Line by line, copy out the entries exactly and leave the pictures behind.

[Records from a collection]
------------------------------------

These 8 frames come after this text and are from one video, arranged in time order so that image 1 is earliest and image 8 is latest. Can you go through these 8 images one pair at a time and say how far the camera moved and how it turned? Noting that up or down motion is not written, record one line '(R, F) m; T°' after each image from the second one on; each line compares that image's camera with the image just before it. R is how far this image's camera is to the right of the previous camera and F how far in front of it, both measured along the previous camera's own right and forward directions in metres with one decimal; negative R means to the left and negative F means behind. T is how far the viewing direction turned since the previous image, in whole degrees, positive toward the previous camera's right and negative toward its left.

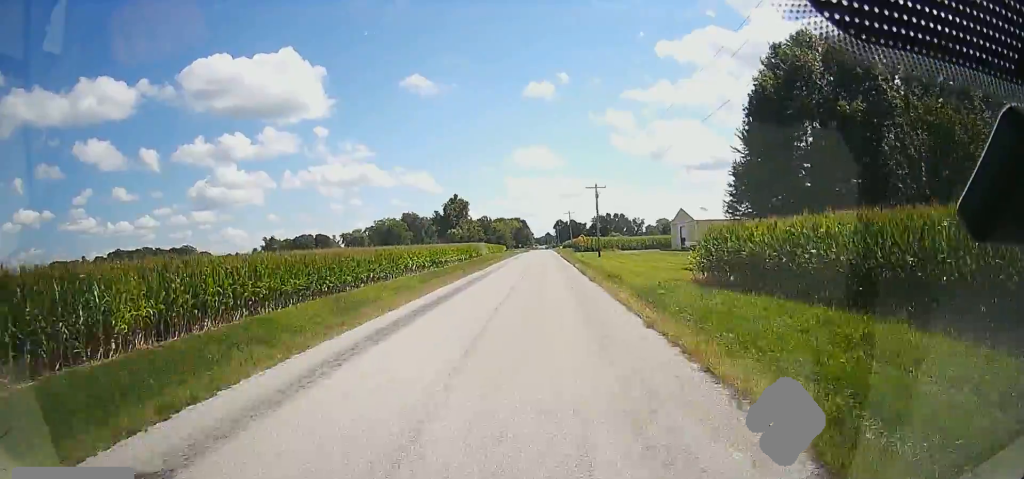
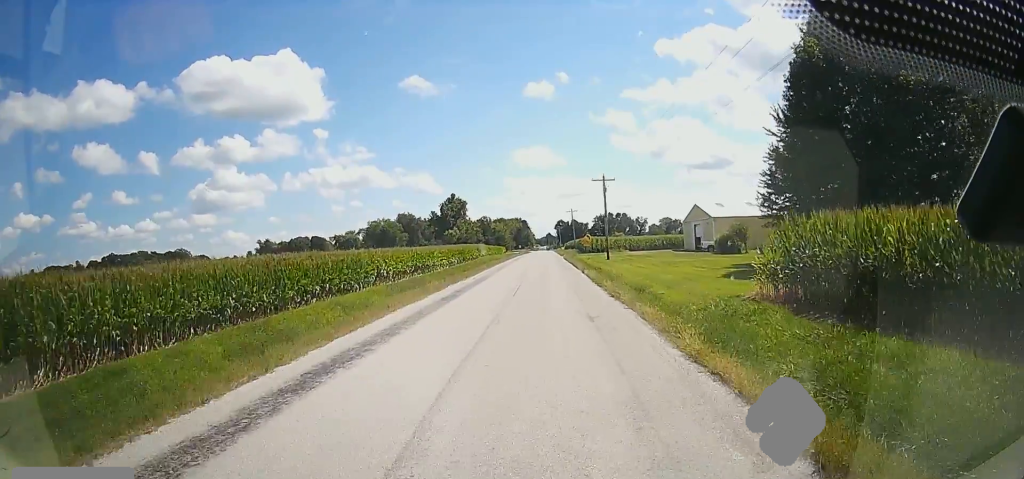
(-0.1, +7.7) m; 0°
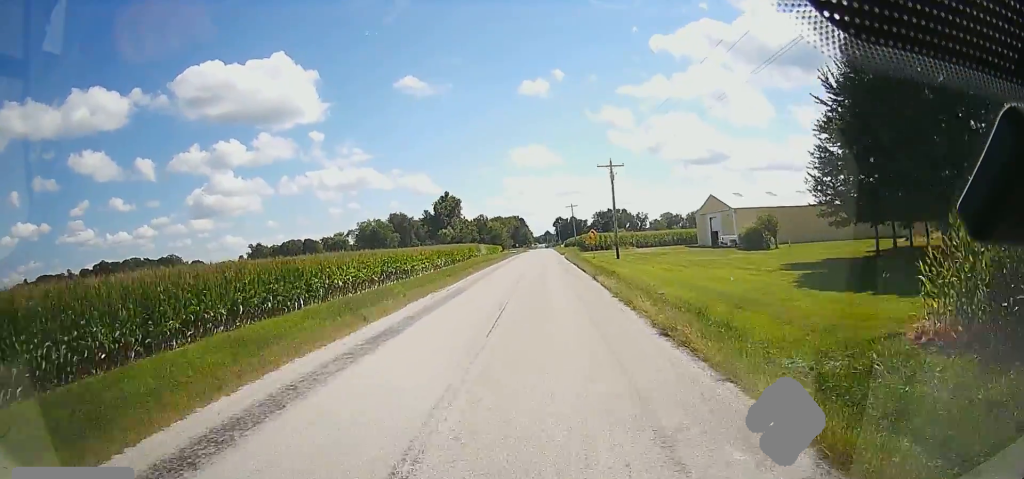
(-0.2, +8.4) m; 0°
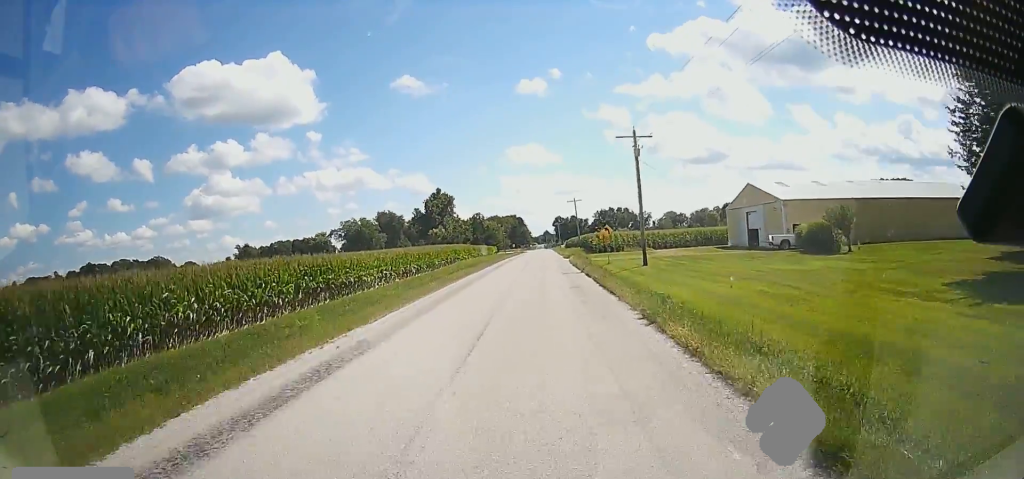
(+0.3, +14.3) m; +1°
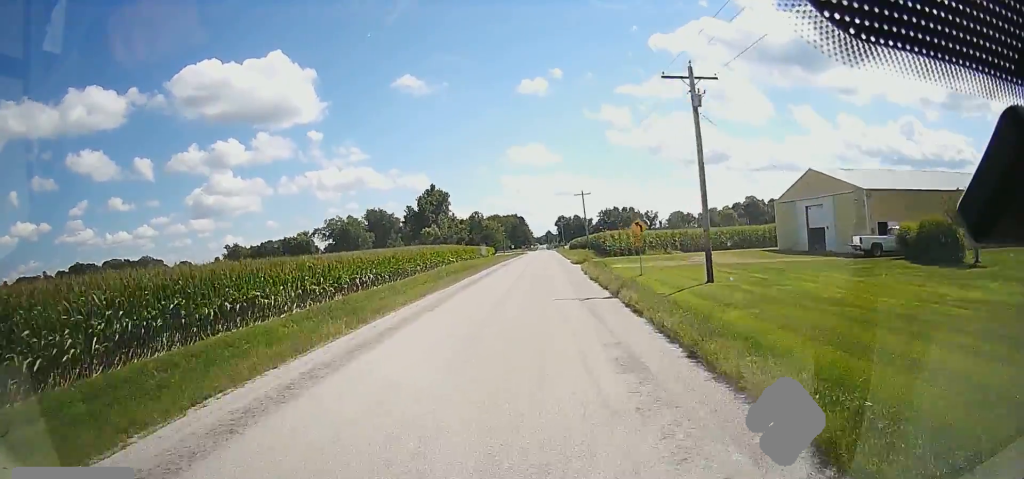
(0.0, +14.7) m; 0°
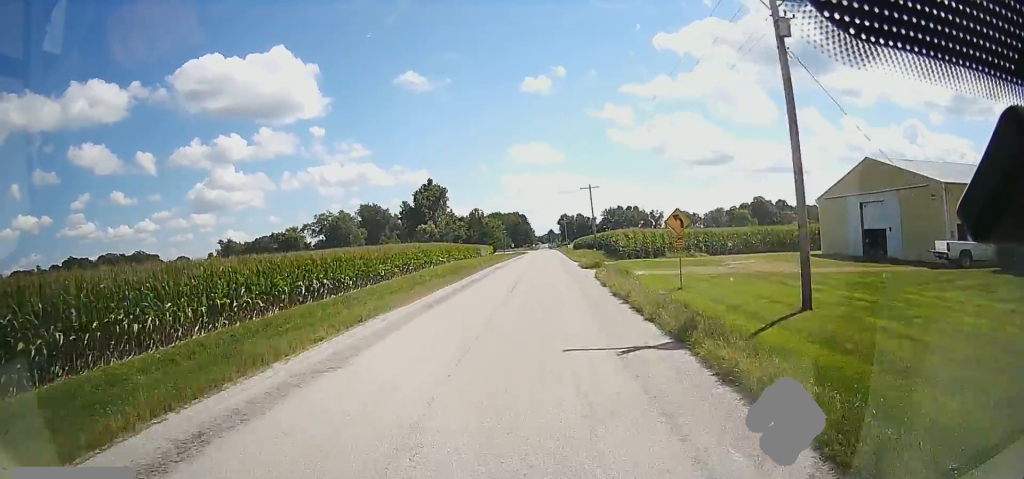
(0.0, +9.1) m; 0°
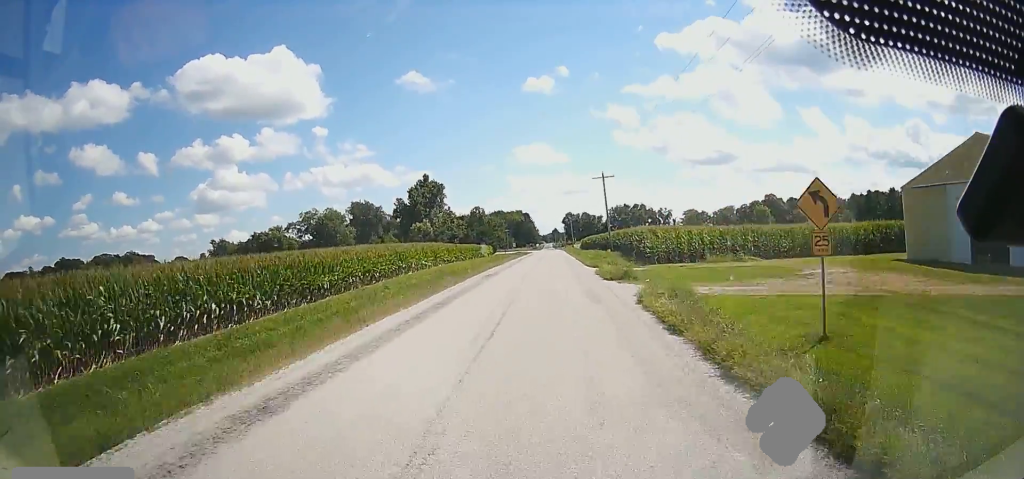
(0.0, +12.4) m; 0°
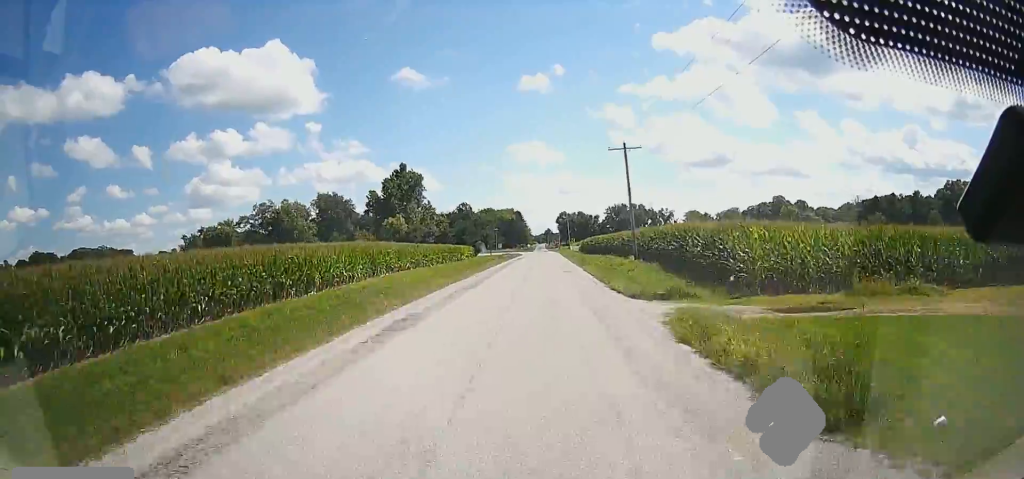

------------------------------------

◆ **Task response**:
These 8 frames come after this text and are from one video, arranged in time order so that image 1 is earliest and image 8 is latest. Can you go through these 8 images one pair at a time and say how far the camera moved and how it turned? Noting that up or down motion is not written, record one line '(R, F) m; T°' after each image from the second one on; each line compares that image's camera with the image just before it. R is how far this image's camera is to the right of the previous camera and F how far in front of it, both measured along the previous camera's own right and forward directions in metres with one decimal; negative R means to the left and negative F means behind. T is how far the viewing direction turned since the previous image, in whole degrees, positive toward the previous camera's right and negative toward its left.

(-0.1, +7.7) m; 0°
(-0.2, +8.4) m; 0°
(+0.3, +14.3) m; +1°
(0.0, +14.7) m; 0°
(0.0, +9.1) m; 0°
(0.0, +12.4) m; 0°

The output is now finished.